Many people probably don't know that you've done a series of children's books and are going to release your third children's CD, The Sunny Side of the Street [Razor & Tie], this fall. Is this something you planned, or did you kind of stumble into it? That's a pretty good way of describing it. I did stumble into it. I've performed for children ever since my own kids were little. I started out just being a helping dad entertaining in classrooms, playing guitar and telling stories. But I got really good at it and enjoyed doing it. So even when my kids outgrew me, I kept on doing it - much to their mortification. Halfway through 3rd Rock from the Sun, I decided to make a bigger deal out of it, and that's when I did my first CD, which in turn led to concerts with major orchestras.
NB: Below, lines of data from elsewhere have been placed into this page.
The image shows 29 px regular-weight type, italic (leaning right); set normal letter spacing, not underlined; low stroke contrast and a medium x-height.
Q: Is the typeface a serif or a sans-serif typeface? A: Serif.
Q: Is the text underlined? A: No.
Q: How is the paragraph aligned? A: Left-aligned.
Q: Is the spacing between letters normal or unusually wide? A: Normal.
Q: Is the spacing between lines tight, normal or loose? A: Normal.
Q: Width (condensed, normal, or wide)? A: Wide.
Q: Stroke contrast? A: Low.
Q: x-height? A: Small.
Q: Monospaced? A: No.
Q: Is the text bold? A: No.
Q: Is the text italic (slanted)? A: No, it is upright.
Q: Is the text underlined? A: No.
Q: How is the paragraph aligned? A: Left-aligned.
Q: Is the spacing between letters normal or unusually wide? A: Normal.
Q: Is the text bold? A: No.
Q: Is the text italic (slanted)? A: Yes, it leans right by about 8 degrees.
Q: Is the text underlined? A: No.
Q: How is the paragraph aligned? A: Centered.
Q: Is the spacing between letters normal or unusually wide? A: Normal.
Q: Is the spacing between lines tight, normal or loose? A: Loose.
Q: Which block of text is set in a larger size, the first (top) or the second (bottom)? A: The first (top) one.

The concerts then led to the children's books. I wrote The Remarkable Farkle McBride [Simon & Schuster] as the narration for an orchestral suite that taught kids about the four sections of the orchestra. Before I even found a composer to work with me, it just hit me like a thunderbolt that I'd written a children's book without even realizing it.

How do you put together one of these CDs? The first album, Singin' in the Bathtub [Sony Wonder], was all songs I loved when I was a kid. I really enjoyed introducing people to these great old songs that Danny Kaye, Flanders and Swann, Allan Sherman, and Cab Calloway used to sing. But for the new CD, I went on an archaeological expedition. I was working in New York with all these terrific music-theater people, and I mined them for great Tin Pan Alley songs - novelty songs that kids would love. Three-quarters of the songs on Sunny Side of the Street are long since forgotten and yet they were hugely popular in the '20s, '30s, and '40s.
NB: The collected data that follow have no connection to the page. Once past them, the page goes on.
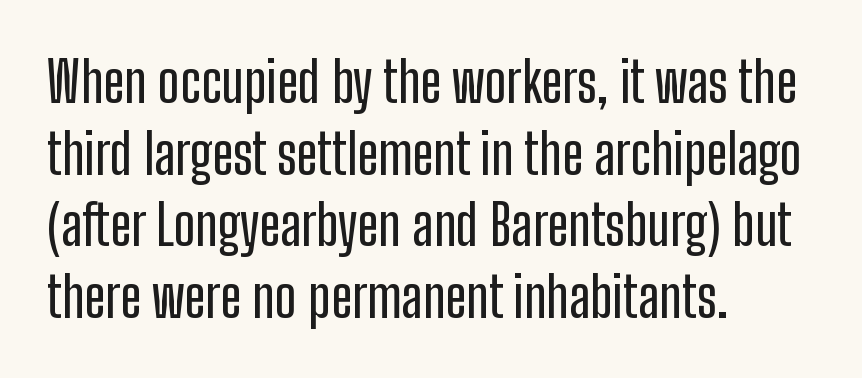
Summary of vertical rhythm: regular, with standard interline spacing. The string is rendered with underlining switched off. Every character sits straight up, as roman type does. The face used here is rendered with its standard letterfit. The passage shown is typed in a proportional face where columns would drift.
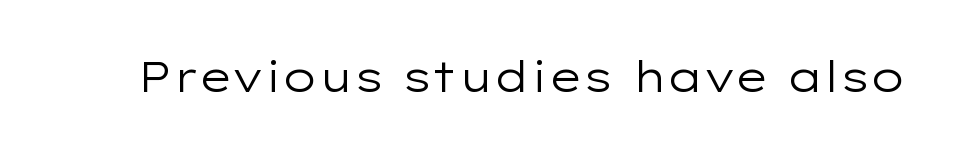
The image shows 42 px regular-weight, wide sans-serif type, upright; set normal letter spacing, not underlined; low stroke contrast and a medium x-height.
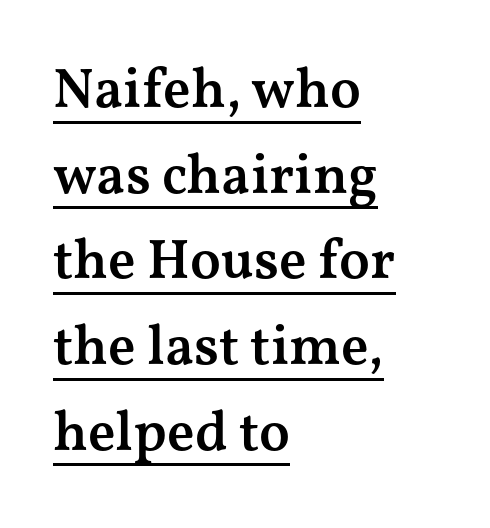
Q: Is the text bold? A: Semi-bold.
Q: Is the text italic (slanted)? A: No, it is upright.
Q: Is the typeface a serif or a sans-serif typeface? A: Serif.
Q: Is the text underlined? A: Yes.
Q: How is the paragraph aligned? A: Left-aligned.
Q: Is the spacing between letters normal or unusually wide? A: Normal.
Q: Is the spacing between lines tight, normal or loose? A: Normal.
Q: Width (condensed, normal, or wide)? A: Wide.
Q: Stroke contrast? A: Medium.
Q: x-height? A: Medium.
Q: Monospaced? A: No.
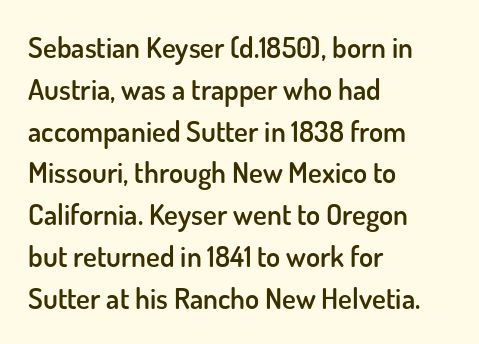
{"serif": "no", "italic": "no", "bold": "semi", "weight": "semibold", "width": "normal", "stroke_contrast": "low", "x_height": "small", "monospaced": "no", "underline": "no", "align": "left", "line_spacing": "normal", "line_spacing_ratio": 1.44, "letter_spacing": "normal", "letter_spacing_em": 0.0, "glyph_px": 29}
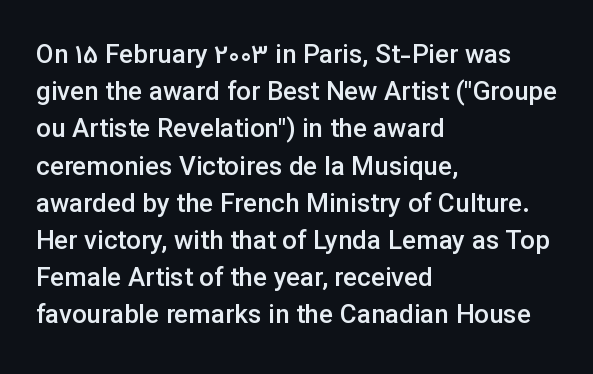
The strokes are fattened partway — semibold, not bold. The rendering uses a moderate line-height, typical for paragraphs. This sample uses plain, unmodified letter spacing. Any mark beneath the type? The region is blank.
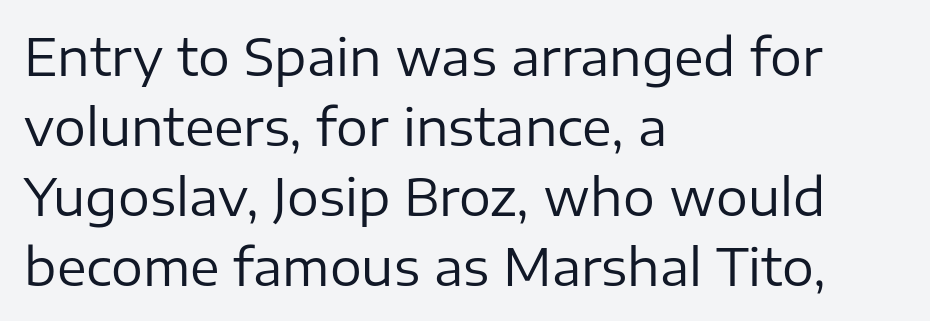
Serifs: no, the terminals of the letterforms are clean. Check the space under the baseline: it is left empty. Unbolded letterforms with no extra heft. Students, observe: this is what conventionally led text looks like. These lines are rendered in a variable-pitch font. A typesetter would call this zero additional tracking.
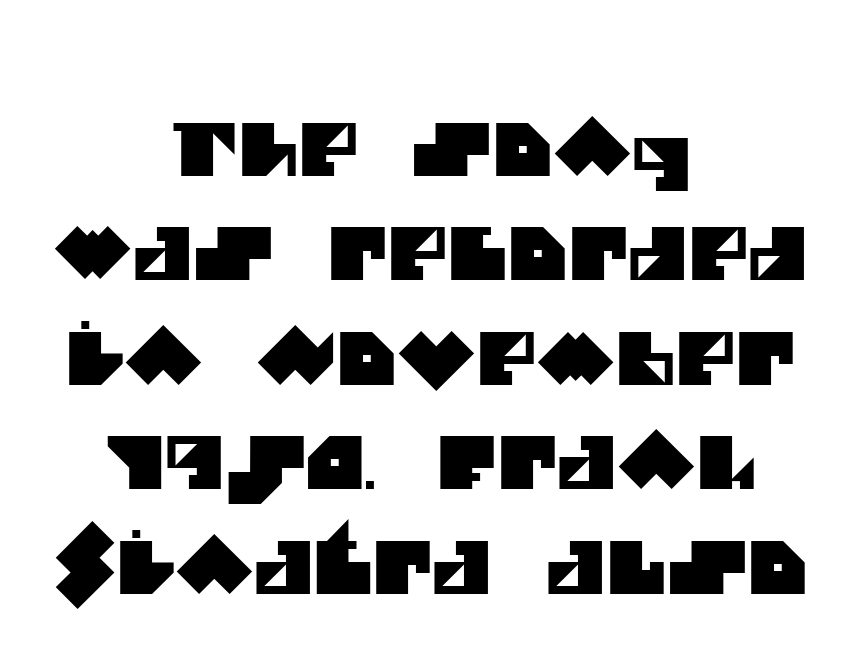
{"serif": "no", "width": "normal", "stroke_contrast": "medium", "x_height": "large", "monospaced": "no", "underline": "no", "align": "center", "line_spacing": "normal", "line_spacing_ratio": 1.43, "letter_spacing": "normal", "letter_spacing_em": 0.0, "glyph_px": 73}
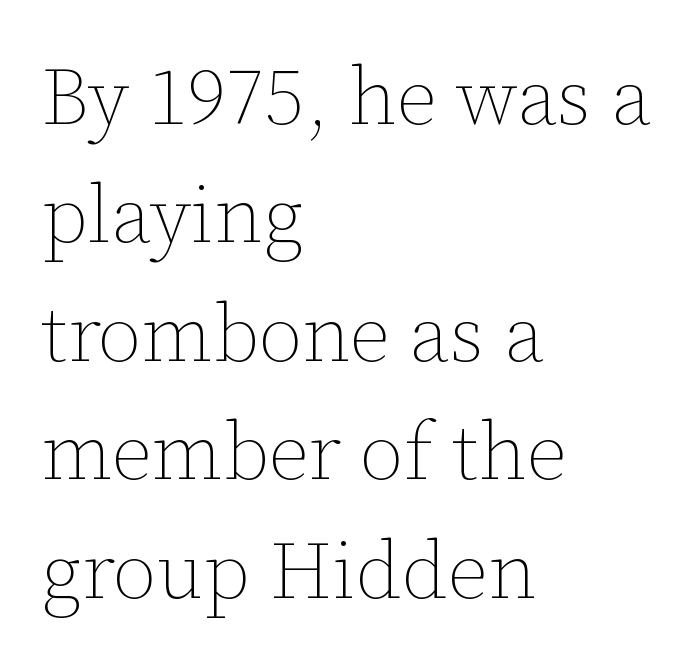
Q: Is the text bold? A: No.
Q: Is the text italic (slanted)? A: No, it is upright.
Q: Is the text underlined? A: No.
Q: How is the paragraph aligned? A: Left-aligned.
Q: Is the spacing between letters normal or unusually wide? A: Normal.
Q: Is the spacing between lines tight, normal or loose? A: Normal.
Q: Width (condensed, normal, or wide)? A: Normal.
Q: Stroke contrast? A: Low.
Q: x-height? A: Medium.
Q: Monospaced? A: No.
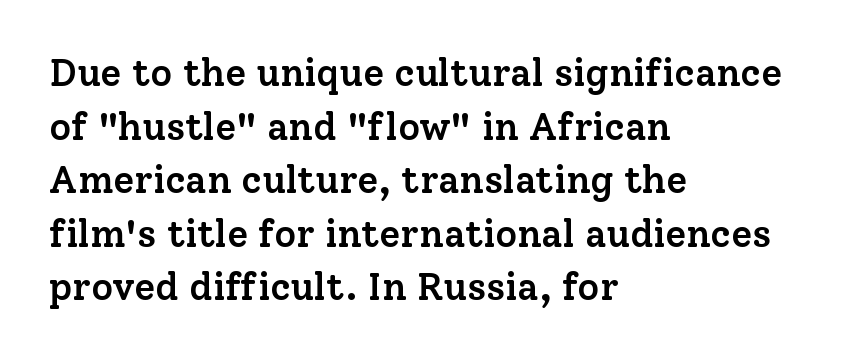
Q: Is the text bold? A: Semi-bold.
Q: Is the text italic (slanted)? A: No, it is upright.
Q: Is the typeface a serif or a sans-serif typeface? A: Serif.
Q: Is the text underlined? A: No.
Q: How is the paragraph aligned? A: Left-aligned.
Q: Is the spacing between letters normal or unusually wide? A: Normal.
Q: Is the spacing between lines tight, normal or loose? A: Normal.
Q: Width (condensed, normal, or wide)? A: Normal.
Q: Stroke contrast? A: Low.
Q: x-height? A: Medium.
Q: Monospaced? A: No.

What is one of your favorite songs on the new CD? The record company wanted me to pick one to use as a promotional bonus cut, and I couldn't stand it. It was like Sophie's Choice, trying to choose among my children. But I would say my favorite is a wonderful old Dorothy Fields song called "Baby." I also love doing "The Laughing Policeman," with the refrain that's nothing but laughter. It's my guilty pleasure to listen to my own album over and over again in my car.

What kind of music do you like? I listen almost entirely to classical music. I certainly like jazz, and there's lots of pop I like. It's just that classical is my go-to music. Mozart, Bach, Beethoven - basically all the fuddy-duddies.
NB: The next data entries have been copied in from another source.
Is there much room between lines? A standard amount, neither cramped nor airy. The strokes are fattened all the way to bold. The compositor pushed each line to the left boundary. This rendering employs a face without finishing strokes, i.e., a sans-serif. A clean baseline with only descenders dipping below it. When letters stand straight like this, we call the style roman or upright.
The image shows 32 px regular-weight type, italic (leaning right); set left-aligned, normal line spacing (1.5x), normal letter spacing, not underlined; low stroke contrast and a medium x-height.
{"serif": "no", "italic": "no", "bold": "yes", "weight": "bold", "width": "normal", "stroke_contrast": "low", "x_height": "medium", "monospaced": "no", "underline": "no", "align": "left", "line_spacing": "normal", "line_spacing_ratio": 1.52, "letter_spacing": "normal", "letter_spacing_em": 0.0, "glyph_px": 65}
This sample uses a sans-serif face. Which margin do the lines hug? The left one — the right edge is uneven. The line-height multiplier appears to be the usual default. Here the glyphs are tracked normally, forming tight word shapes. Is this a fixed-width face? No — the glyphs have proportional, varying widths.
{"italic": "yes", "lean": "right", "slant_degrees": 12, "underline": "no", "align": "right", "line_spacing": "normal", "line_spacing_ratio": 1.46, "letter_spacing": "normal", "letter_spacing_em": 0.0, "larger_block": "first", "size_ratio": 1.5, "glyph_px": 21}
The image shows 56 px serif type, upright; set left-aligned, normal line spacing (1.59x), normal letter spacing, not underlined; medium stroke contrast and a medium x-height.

Since you're on the go a lot, do you have an iPod? I recently got one, but I haven't quite mastered it yet. Technological stuff can turn me into a petulant 3-year-old child.

Before you go, can you sing me a few bars of a song you love? Let me pick a good one ... [sings] "I don't like your peaches, they are full of stones / I like bananas because they have no bones / Don't give me tomatoes - can't stand ice cream cones / I like bananas because they have no bones."